Aim of the task:
Each entry needs to be duplicated exactly.

■ ■ ■ ■

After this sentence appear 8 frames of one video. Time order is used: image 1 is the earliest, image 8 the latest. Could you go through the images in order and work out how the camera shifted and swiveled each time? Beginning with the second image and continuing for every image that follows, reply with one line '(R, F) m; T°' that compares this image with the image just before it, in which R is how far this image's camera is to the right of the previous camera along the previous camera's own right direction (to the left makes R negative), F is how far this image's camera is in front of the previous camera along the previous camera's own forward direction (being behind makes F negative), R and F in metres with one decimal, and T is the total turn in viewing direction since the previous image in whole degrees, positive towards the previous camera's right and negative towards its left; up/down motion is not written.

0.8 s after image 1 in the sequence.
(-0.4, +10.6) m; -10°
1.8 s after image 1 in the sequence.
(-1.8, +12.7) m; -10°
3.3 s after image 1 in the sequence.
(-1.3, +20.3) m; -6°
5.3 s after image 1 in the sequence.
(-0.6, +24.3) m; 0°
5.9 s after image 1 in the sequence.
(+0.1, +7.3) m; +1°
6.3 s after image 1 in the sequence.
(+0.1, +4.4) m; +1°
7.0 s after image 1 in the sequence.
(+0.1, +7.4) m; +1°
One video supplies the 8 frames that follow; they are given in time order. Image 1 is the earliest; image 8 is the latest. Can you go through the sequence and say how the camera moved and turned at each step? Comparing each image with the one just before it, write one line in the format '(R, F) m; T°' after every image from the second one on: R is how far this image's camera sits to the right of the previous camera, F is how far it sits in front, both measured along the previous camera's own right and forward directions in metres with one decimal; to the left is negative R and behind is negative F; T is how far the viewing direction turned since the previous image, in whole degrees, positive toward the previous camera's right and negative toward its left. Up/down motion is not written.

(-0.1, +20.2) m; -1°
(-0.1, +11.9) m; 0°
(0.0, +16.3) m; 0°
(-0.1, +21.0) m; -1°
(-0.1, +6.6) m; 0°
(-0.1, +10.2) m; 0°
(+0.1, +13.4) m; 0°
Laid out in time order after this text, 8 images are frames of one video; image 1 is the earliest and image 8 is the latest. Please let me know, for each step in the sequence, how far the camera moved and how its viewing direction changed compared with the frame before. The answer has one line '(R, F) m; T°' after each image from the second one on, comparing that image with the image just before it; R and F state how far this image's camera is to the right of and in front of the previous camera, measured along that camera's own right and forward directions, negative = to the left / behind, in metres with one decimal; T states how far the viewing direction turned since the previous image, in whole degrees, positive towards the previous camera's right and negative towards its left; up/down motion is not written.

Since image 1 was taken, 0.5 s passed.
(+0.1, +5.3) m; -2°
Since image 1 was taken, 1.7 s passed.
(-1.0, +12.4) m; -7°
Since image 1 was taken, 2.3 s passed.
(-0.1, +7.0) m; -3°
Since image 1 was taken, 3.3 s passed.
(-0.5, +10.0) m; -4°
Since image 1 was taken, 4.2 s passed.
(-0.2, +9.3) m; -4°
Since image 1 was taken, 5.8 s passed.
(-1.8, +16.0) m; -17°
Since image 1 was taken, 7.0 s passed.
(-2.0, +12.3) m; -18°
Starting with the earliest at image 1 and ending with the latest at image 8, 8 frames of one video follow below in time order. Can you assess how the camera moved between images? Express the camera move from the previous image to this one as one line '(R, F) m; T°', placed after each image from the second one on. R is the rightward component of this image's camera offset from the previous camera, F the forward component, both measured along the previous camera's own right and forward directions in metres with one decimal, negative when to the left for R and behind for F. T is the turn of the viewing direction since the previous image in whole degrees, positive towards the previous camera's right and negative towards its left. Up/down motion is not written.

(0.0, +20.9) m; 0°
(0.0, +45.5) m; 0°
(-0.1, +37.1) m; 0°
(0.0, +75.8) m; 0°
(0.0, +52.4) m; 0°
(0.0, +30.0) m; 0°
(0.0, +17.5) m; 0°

■ ■ ■ ■

Answer to this task:
After this sentence appear 8 frames of one video. Time order is used: image 1 is the earliest, image 8 the latest. Could you go through the images in order and work out how the camera shifted and swiveled each time? Beginning with the second image and continuing for every image that follows, reply with one line '(R, F) m; T°' that compares this image with the image just before it, in which R is how far this image's camera is to the right of the previous camera along the previous camera's own right direction (to the left makes R negative), F is how far this image's camera is in front of the previous camera along the previous camera's own forward direction (being behind makes F negative), R and F in metres with one decimal, and T is the total turn in viewing direction since the previous image in whole degrees, positive towards the previous camera's right and negative towards its left; up/down motion is not written.

0.8 s after image 1 in the sequence.
(-0.4, +10.6) m; -10°
1.8 s after image 1 in the sequence.
(-1.8, +12.7) m; -10°
3.3 s after image 1 in the sequence.
(-1.3, +20.3) m; -6°
5.3 s after image 1 in the sequence.
(-0.6, +24.3) m; 0°
5.9 s after image 1 in the sequence.
(+0.1, +7.3) m; +1°
6.3 s after image 1 in the sequence.
(+0.1, +4.4) m; +1°
7.0 s after image 1 in the sequence.
(+0.1, +7.4) m; +1°
One video supplies the 8 frames that follow; they are given in time order. Image 1 is the earliest; image 8 is the latest. Can you go through the sequence and say how the camera moved and turned at each step? Comparing each image with the one just before it, write one line in the format '(R, F) m; T°' after every image from the second one on: R is how far this image's camera sits to the right of the previous camera, F is how far it sits in front, both measured along the previous camera's own right and forward directions in metres with one decimal; to the left is negative R and behind is negative F; T is how far the viewing direction turned since the previous image, in whole degrees, positive toward the previous camera's right and negative toward its left. Up/down motion is not written.

(-0.1, +20.2) m; -1°
(-0.1, +11.9) m; 0°
(0.0, +16.3) m; 0°
(-0.1, +21.0) m; -1°
(-0.1, +6.6) m; 0°
(-0.1, +10.2) m; 0°
(+0.1, +13.4) m; 0°
Laid out in time order after this text, 8 images are frames of one video; image 1 is the earliest and image 8 is the latest. Please let me know, for each step in the sequence, how far the camera moved and how its viewing direction changed compared with the frame before. The answer has one line '(R, F) m; T°' after each image from the second one on, comparing that image with the image just before it; R and F state how far this image's camera is to the right of and in front of the previous camera, measured along that camera's own right and forward directions, negative = to the left / behind, in metres with one decimal; T states how far the viewing direction turned since the previous image, in whole degrees, positive towards the previous camera's right and negative towards its left; up/down motion is not written.

Since image 1 was taken, 0.5 s passed.
(+0.1, +5.3) m; -2°
Since image 1 was taken, 1.7 s passed.
(-1.0, +12.4) m; -7°
Since image 1 was taken, 2.3 s passed.
(-0.1, +7.0) m; -3°
Since image 1 was taken, 3.3 s passed.
(-0.5, +10.0) m; -4°
Since image 1 was taken, 4.2 s passed.
(-0.2, +9.3) m; -4°
Since image 1 was taken, 5.8 s passed.
(-1.8, +16.0) m; -17°
Since image 1 was taken, 7.0 s passed.
(-2.0, +12.3) m; -18°
Starting with the earliest at image 1 and ending with the latest at image 8, 8 frames of one video follow below in time order. Can you assess how the camera moved between images? Express the camera move from the previous image to this one as one line '(R, F) m; T°', placed after each image from the second one on. R is the rightward component of this image's camera offset from the previous camera, F the forward component, both measured along the previous camera's own right and forward directions in metres with one decimal, negative when to the left for R and behind for F. T is the turn of the viewing direction since the previous image in whole degrees, positive towards the previous camera's right and negative towards its left. Up/down motion is not written.

(0.0, +20.9) m; 0°
(0.0, +45.5) m; 0°
(-0.1, +37.1) m; 0°
(0.0, +75.8) m; 0°
(0.0, +52.4) m; 0°
(0.0, +30.0) m; 0°
(0.0, +17.5) m; 0°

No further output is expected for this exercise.